(An ongoing collaboration with Nicholas Thayer) Principal component analysis is a powerful technique for recognizing the underlying features of large, high-dimensional datasets. The general idea is to find just a few key components that can be judiciously combined to accurately reproduce the majority of the observed data. In practice, the principal components are generated by computing the eigenvectors of a data covariance matrix.
A popular application of principal component analysis is found in facial recognition software. Using a large training dataset of photos of peoples' faces, the principal components or eigenfaces are generated. The eigenfaces can then be used to classify new photos of unknown people, or computer-generate faces with specific qualities and characteristics.
A difficulty with the eigenface approach is that the training dataset must be composed of carefully cropped photos using the exact same lighting conditions and camera angle. This makes it difficult to use the majority of the photos available on facebook/myspace/flickr etc. for this type of analysis. In order to overcome this challenge, an idea that we had was to use mugshot photos, as these are taken under (somewhat) standardized conditions for each subject. Furthermore, a number of police departments make arrest photos available online, leading to an excellent trove of data.

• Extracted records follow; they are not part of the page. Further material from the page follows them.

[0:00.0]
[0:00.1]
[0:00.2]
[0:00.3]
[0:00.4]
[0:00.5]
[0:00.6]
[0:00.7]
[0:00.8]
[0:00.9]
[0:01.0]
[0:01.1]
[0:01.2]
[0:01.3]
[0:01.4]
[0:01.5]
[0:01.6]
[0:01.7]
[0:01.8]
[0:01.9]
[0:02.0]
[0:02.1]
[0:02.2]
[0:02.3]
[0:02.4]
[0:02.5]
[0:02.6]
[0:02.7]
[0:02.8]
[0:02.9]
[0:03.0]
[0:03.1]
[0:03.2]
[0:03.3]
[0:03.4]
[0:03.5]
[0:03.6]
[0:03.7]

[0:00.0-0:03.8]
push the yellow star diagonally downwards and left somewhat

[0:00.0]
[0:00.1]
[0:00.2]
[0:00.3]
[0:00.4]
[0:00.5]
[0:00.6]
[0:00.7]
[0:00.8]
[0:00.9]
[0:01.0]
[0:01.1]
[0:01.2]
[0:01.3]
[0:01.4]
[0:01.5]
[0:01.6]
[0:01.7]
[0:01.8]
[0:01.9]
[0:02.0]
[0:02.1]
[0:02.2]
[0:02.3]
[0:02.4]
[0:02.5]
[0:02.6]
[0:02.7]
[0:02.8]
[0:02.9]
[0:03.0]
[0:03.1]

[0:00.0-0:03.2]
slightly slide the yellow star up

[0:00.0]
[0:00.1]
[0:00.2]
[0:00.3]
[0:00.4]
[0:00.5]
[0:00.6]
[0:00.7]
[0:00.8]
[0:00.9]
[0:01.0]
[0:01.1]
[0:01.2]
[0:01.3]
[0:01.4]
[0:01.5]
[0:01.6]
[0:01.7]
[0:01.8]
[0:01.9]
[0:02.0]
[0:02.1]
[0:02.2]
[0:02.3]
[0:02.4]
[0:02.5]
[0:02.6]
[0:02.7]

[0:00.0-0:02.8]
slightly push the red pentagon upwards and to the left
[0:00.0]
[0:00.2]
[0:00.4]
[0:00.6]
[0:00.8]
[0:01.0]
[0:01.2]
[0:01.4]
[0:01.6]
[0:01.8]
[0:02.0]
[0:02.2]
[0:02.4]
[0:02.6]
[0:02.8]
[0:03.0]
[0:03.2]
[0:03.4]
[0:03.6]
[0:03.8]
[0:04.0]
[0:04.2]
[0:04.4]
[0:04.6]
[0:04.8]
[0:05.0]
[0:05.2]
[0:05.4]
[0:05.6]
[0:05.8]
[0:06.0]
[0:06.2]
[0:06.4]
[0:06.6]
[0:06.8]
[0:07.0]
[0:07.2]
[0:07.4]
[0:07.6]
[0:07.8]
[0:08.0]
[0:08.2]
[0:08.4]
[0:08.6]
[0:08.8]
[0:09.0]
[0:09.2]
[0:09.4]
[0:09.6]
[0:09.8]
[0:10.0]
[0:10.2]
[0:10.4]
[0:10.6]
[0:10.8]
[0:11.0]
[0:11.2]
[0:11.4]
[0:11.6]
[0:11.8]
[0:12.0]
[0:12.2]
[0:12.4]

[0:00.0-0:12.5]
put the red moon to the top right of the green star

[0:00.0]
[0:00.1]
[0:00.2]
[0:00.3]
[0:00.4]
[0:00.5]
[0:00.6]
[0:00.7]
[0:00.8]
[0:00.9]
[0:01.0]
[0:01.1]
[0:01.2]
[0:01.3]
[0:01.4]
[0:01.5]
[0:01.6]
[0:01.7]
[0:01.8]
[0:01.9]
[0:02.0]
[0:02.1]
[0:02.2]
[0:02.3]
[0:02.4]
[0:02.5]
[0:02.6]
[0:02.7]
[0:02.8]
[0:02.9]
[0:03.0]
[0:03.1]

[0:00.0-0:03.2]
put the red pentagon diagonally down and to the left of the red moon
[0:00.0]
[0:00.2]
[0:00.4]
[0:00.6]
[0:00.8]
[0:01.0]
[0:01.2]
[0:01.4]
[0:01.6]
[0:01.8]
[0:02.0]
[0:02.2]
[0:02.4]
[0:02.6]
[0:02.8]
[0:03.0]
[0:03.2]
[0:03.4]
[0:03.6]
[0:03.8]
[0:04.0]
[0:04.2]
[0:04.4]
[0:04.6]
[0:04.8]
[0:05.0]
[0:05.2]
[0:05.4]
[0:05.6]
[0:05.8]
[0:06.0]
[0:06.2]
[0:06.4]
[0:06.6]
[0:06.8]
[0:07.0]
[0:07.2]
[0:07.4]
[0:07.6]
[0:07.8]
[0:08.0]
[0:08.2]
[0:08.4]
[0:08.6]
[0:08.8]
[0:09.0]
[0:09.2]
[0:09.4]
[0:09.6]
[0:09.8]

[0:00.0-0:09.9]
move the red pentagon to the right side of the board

In order to assemble a dataset, we used Google's automated search api to download a couple thousand faces, using the search keyword "mugshots". Unfortunately Google seems to cut you off after relatively few search returns, unless you are willing to pay for a premium version of their api. All images were resized to 128 X 128 resolution, and the eigenfaces were computed using the mathematical computing platform MATLAB. Below are some of our favorite results. Some look like faces, while others don't look like anything at all. It is interesting to think about the raw material that was used to make them.